Ou, plutôt, quel illusionniste se cache donc derrière cette prétention qui serait grotesque si elle n’était pas déjà absurde ? Ce qui débouche sur une autre question. Satan sait bien que l’évolution est régressive. Mais il laisse ceux qui le servent croire au mythique Progrès mensonger. N’est-ce pas une manière d’asservir les esprits ? Seule la vérité libère !


1 C’est pourquoi l’islam est un frein psycho-sociologique pour la science : la toute-puissance d’Allah se doit d’être arbitraire. Lire à ce sujet : N. SAFIR, « La science en marge des sociétés musulmanes », Le Cep n°78, p. 24.

2 Nous avons volontairement évité ici la formule classique : « à en découvrir les lois ». Les lois que nous découvrons ne sont pas, en effet, ipso facto celles que le Créateur a posées. Elles peuvent être erronées – l’histoire des sciences le montre – et demeurent partielles : le connu n’épuise pas le réel.

3 « Tous ceux qui cherchent Dieu hors de Jésus-Christ, et qui s’arrêtent dans la nature, ou ils ne trouvent aucune lumière qui les satisfasse, ou ils arrivent à se former un moyen de connaître Dieu et de le servir sans médiateur, et par là ils tombent ou dans l’athéisme ou dans le déisme, qui sont deux choses que la religion chrétienne abhorre presque également » (Pensées n°449-556).

4 On pense au célèbre Dasein, « être-là », de Heidegger, faisant ici retour explicite à la pensée grecque antique, en ignorant le concept de Création et en renouant avec une sorte d’éternité de la matière.

5 Â consulter sur ce thème : Frédéric GUILLAUD, Dieu existe.
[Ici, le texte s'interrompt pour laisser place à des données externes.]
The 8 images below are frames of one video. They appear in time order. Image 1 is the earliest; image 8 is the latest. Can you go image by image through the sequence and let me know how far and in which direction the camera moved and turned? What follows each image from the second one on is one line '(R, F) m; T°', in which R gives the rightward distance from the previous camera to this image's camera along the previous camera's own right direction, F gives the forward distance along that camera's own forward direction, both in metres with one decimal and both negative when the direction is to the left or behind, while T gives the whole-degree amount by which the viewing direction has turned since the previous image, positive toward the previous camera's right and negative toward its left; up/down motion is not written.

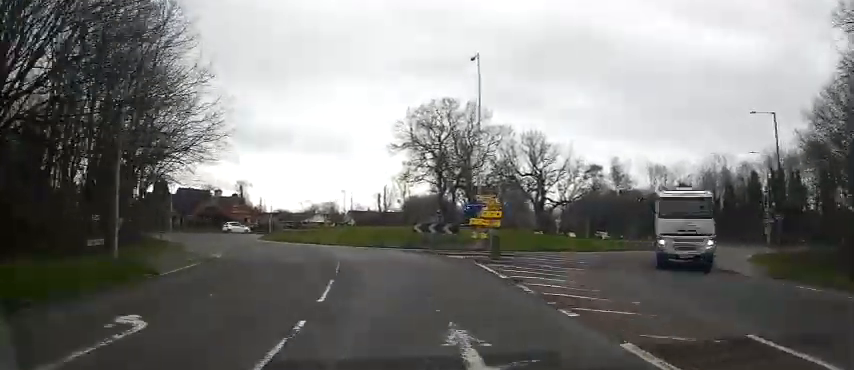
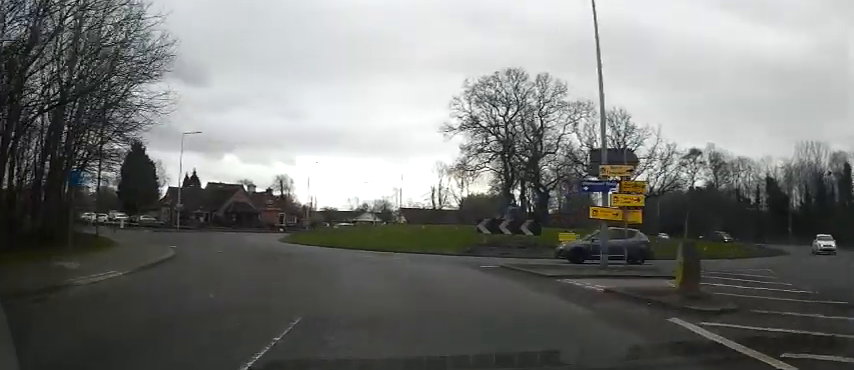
(-0.5, +11.5) m; -5°
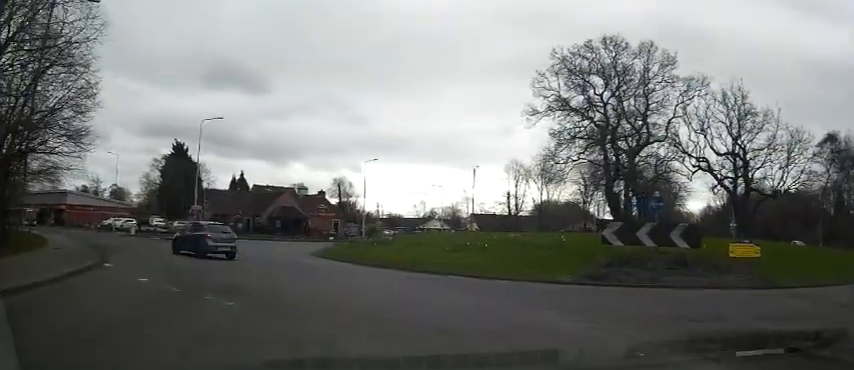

Arguments philosophiques, Paris, Cerf, 2013, p. 97-126.

6 Qui furent souvent les mêmes personnes, pensons aux Bacon, saint Albert, Pascal, Descartes et autres Leibniz, par exemple. L’apparition d’une science, qui ne fût pas aussi et d’abord une recherche de sagesse, est un phénomène tardif. Le titre universitaire PhD, en pays anglo-saxon, le montre bien : il s’agit toujours, d’après l’étymologie latine, Philosophiæ Doctor, d’un docteur en philosophie, quelle que soit par ailleurs sa discipline particulière.

7 Il faut ici mentionner l’existence des plantes domestiques, dotées du « gène de la domestication » (cf. J. PERNÈS, « La génétique et la domestication des céréales », Le Cep n°99, juin 2022, p. 82), et même des minéraux domestiques : fer, or, argent, silex, etc., dont les propriétés leur permettent d’accompagner le genre humain tout au long de son parcours terrestre.

8 La Bible hébraïque emploie cette formule étrange : « toute chair avait pervertiדרכו darkô sa voie, son chemin » (Gn 6, 12). Avec les manipulations génétiques et les mœurs contre nature, ne sommes-nous pas en train de revivre un moment analogue, incitant ainsi le Créateur à une nouvelle intervention ?

9 Cf. John SANFORD, L’entropie génétique, Le Séquestre, Éd. La Lumière, 2019 (commentaires et extraits significatifs dans Le Cep n° 89).

10 Ainsi la vache charolaise l’emporte par le taux de viande utile rapportée au poids de la carcasse, mais les vêlages sont difficiles, et la race, comme toutes les variétés obtenues par sélection d’ailleurs, ne survivrait pas dans la nature.